Saturday, June 5, 2010

Prince of Persia: The Sands of Time: The Movie, or An Object Lesson In Why Hollywood Can't Make A Decent Video Game Adaptation

Above: The hands on hips pose makes Jake Gyllenhaal look like less like a fearsome 'Persian warrior and more like he's waiting impatiently for bar service at a leather club. Who does a boy have to blow to get a vodka and Red Bull in this place?

Over last weekend, when I was visiting my family and girlfriend in St. Louis, we all went out to see Prince of Persia: The Sands of Time. My sister was the main person who was interested in seeing it, but I was kind of curious myself, seeing as this is probably the highest-profile and most expensive video game to movie adaptation to date, having been midwifed by blockbuster merchant du jour Jerry Bruckheimer in a thinly veiled attempt to replicate the success of the Pirates of the Caribbean movies. Plus, I've played the 2003 Xbox/PS2 game, which I enjoyed and is widely regarded as a minor classic to boot, so I had a pretty good point of comparison against which to judge it.

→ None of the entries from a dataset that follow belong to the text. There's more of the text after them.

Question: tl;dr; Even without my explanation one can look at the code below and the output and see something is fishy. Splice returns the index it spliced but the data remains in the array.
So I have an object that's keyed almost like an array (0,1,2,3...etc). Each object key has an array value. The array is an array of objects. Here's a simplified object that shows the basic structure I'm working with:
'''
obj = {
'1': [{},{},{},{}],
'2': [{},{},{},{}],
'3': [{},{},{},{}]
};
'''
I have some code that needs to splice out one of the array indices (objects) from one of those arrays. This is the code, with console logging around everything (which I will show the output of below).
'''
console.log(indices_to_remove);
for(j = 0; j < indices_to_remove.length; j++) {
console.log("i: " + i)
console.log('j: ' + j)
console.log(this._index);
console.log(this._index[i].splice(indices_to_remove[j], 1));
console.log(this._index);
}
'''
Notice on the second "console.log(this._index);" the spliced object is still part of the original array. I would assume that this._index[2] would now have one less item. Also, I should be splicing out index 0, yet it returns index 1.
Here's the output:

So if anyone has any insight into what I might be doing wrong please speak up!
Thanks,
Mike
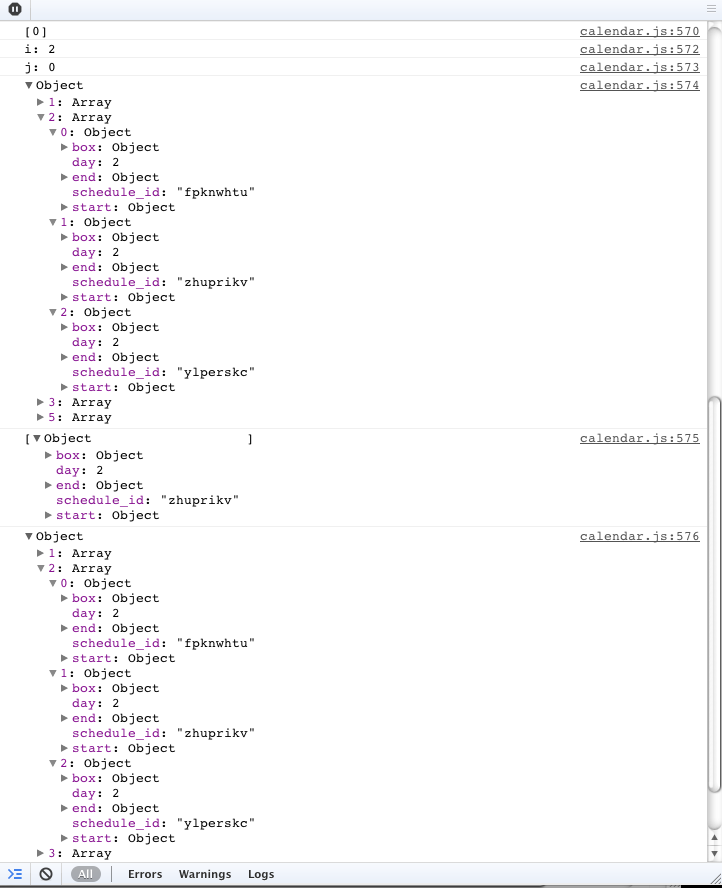
Answer: There is a lot missing in the code that you are showing, so I had to do some guessing. I ran this code, and it works as expected:
'''
var obj = {
'1': [{},{},{},{}],
'2': [{},{},{},{}],
'3': [{},{},{},{}]
};
var indices_to_remove = [1];
var i = 1;
alert(indices_to_remove);
for(j = 0; j < indices_to_remove.length; j++) {
alert("i: " + i)
alert('j: ' + j)
alert(obj[i]);
alert(obj[i].splice(indices_to_remove[j], 1));
alert(obj[i]);
}
'''
However, you should consider looping backwards in the array of indexes to remove. When you have removed the first item, the second item is now the first item. If you then remove the second item, it's really the third item that you remove.

I'm not going to waste a lot of time reviewing the movie itself - it sucked, but if you saw the ads, you probably guessed that already. I would like to point out that while I admire Jake Gyllenhaal's ability to Bowflex himself into the $10 million dollar abs you see on display above, he's really not right for this type of part. Gyllenhaal works best when he can break out that look of slight naive confusion that he employed to such good effect in Donnie Darko and most-underrated-movie-evar Zodiac. He can't really conjure the mocking insouciance that his character in Prince of Persia is clearly intended to have. Come to think of it, most of the under-40 A-list male crowd in Hollywood these days is lacking in the smart-ass factor - that was always the weakest part of Tobey Maguire's performance as Spider-Man as well.

Anyhow, the point I want to raise is that adapting a video game into a crowd-pleasing blockbuster shouldn't be nearly as hard as the dismal results of the many attempts to do so would seem to indicate. As I see it, this is a classic Hollywood problem: lack of respect for the source material. Check out this trailer for the original Sands of Time game:

 

You can basically summarize what the game's like from it: you play as a prince who performs amazing acrobatic feats and can rewind time with a dagger powered by magical sand. He spends a lot of time swordfighting with monsters possessed by the same magical sand that powers his dagger. This is kind of a stupid plot, but the plot isn't really the point. The cool stuff you can do in the game is the point, and the plot is a means to that end.

The Prince of Persia movie, by contrast (I'd embed the trailer below for comparison, if it weren't for the fact that the trailer is pretty misleading about the actual content of the movie) does away with the idea of possessed monsters, barely has any time rewinding at all, and stages the action scenes mostly in spatially confusing medium-close shots stitched together with quick-cut editing. Most of the movie is divided between watching Jake Gyllenhaal and Gemma Arterton walking through the desert and engaging in limply-written bickering, and listening to various characters spout boring expository dialogue about court intrigue and the rules for protecting the dagger. To add insult to injury, whereas the game was renowned for its lighthearted storybook aesthetic, the tone of the movie veers erratically between goofiness and self-seriousness. 

Prince of Persia would have been a much better movie if it had been built around the same stuff that went into the game instead of all the superfluous crap thrown in as a desperate attempt to have a story to focus on. Summer blockbusters get a lot of crap for being overly reliant on action set pieces, but I think that criticism speaks more to mediocrity of action set pieces these days rather than the basic template. Put it this way: Raiders of the Lost Ark is just a bunch of set pieces with the barest minimum of exposition connecting them, and everybody in the world loves that movie. Prince of Persia was obviously never gonna come close to that, but why not try? Why not hire some parkour experts to try and top the foot chase sequences in Casino Royale or District B-13? Why not keep the sand monsters idea and turn the swordfights into a PG-13 friendly version of the battles in 300? Who decided that this movie needed to be a slow-witted homage to Romancing the Stone? Making a video-game based blockbuster movie doesn't entail re-inventing the wheel, but it ought to entail a careful consideration of how to keep whatever made the game appealing in the first place in the film.